Oscar S. Wyatt Jr., the Texas oil tycoon who courted presidents and dictators, dabbled in foreign intrigue and went to prison for paying kickbacks to Saddam Hussein’s Iraqi government under the cover of a United Nations oil-for-food program, died on Wednesday in Houston. He was 101.
His death was confirmed by his sons Trey and Steven Wyatt.
One of the last of the storied wildcatters, Mr. Wyatt was a sagacious, rough-hewn entrepreneur who took out an $800 loan in 1955 and founded a pipeline company that became the Coastal Corporation. Over the next four decades, he built it into a national energy conglomerate, a Fortune 500 competitor of Enron and El Paso Gas, and his conduit for oil imported from the Middle East.

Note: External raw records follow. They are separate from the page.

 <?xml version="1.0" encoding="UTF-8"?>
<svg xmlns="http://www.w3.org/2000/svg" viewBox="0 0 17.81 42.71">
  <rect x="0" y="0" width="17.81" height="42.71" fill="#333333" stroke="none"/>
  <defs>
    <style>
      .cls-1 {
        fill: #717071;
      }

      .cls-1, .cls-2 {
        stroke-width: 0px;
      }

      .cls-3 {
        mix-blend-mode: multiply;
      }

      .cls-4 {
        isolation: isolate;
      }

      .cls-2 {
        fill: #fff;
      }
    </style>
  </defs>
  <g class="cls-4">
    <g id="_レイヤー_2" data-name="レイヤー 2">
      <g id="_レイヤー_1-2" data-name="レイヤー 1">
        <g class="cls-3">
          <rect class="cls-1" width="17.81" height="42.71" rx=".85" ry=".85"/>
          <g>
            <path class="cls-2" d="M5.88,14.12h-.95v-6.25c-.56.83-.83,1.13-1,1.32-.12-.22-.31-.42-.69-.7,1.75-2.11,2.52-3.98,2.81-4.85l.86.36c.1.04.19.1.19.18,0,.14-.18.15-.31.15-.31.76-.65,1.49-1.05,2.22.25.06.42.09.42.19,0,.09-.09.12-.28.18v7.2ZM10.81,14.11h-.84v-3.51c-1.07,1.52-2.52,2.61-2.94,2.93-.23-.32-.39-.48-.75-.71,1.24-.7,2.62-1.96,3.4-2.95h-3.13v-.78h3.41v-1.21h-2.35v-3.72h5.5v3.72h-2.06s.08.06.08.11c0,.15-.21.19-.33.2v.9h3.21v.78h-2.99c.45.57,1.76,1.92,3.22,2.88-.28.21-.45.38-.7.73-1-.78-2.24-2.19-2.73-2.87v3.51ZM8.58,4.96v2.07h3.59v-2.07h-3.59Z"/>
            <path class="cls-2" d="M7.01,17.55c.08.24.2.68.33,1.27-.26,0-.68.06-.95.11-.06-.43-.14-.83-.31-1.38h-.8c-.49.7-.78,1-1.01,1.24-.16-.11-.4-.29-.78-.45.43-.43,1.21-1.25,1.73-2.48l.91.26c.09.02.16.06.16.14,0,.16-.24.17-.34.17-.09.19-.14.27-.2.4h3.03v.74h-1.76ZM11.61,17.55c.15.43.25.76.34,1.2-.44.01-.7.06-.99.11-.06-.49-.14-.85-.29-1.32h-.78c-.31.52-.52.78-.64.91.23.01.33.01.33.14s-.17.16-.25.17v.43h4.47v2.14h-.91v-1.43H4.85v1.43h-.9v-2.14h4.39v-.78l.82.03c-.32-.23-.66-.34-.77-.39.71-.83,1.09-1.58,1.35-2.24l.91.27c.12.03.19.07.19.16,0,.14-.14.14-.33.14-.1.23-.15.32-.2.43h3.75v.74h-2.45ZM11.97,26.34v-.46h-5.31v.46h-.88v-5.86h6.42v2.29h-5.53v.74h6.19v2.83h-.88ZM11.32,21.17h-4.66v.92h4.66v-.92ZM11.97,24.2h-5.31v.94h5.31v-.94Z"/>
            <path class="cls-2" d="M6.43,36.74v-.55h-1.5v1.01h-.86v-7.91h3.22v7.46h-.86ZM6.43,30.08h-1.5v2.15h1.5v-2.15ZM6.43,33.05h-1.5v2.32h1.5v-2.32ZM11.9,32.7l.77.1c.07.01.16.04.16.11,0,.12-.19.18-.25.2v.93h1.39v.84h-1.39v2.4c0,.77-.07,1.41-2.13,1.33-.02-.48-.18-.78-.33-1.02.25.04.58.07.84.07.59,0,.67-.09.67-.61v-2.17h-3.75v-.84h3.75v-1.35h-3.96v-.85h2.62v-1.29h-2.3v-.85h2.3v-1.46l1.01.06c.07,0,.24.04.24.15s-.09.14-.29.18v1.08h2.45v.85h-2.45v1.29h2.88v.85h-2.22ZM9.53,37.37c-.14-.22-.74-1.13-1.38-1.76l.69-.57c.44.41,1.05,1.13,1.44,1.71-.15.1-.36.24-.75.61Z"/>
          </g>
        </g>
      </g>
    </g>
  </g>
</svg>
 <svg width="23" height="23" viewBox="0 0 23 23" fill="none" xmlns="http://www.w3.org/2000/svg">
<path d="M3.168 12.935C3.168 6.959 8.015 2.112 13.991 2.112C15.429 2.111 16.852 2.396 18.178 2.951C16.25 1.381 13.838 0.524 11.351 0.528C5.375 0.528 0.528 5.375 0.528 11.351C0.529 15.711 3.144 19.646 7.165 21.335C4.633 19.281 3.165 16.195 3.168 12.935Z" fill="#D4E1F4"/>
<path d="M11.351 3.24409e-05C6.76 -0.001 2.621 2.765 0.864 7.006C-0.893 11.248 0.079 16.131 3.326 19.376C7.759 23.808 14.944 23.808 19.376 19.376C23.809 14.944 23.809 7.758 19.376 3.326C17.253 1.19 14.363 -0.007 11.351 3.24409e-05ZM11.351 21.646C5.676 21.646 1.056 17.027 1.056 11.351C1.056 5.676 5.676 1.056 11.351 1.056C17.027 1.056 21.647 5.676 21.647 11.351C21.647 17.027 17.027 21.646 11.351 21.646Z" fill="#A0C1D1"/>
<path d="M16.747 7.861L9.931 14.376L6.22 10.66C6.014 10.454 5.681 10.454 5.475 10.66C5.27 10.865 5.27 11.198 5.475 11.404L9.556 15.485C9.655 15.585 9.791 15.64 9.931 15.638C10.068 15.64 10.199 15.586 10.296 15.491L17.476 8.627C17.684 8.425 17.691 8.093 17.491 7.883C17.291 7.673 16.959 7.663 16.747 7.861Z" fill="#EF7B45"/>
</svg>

Mr. Wyatt made billions selling energy to the Americas. His hydra-headed empire supplied heating oil to the Northeast, petroleum and natural gas to the Southwest, and marine diesel in the Caribbean. It owned vast pipeline networks, fleets of oil tankers and trucks, and 962 Coastal gasoline stations in 33 states. In the 1990s, Coastal had as many as 20,000 employees and revenues that exceeded $12 billion.
With friends in Washington, private jets, a 9,000-acre ranch, a villa in the south of France and legions of detectives, lawyers and public relations retainers, Mr. Wyatt personified Texas. He rode horses, hunted game, packed a pistol and threw lavish parties for Prince Rainier of Monaco and Grace Kelly, Liza Minnelli, Johnny Carson, John Travolta, Mick Jagger, Andy Warhol and Truman Capote.
And he made money hand over fist. “If Oscar were marooned in Alaska,” his fourth wife, Lynn Wyatt, told The Wall Street Journal in 1984, “he’d survive somehow and by the next week he’d probably be doing business.”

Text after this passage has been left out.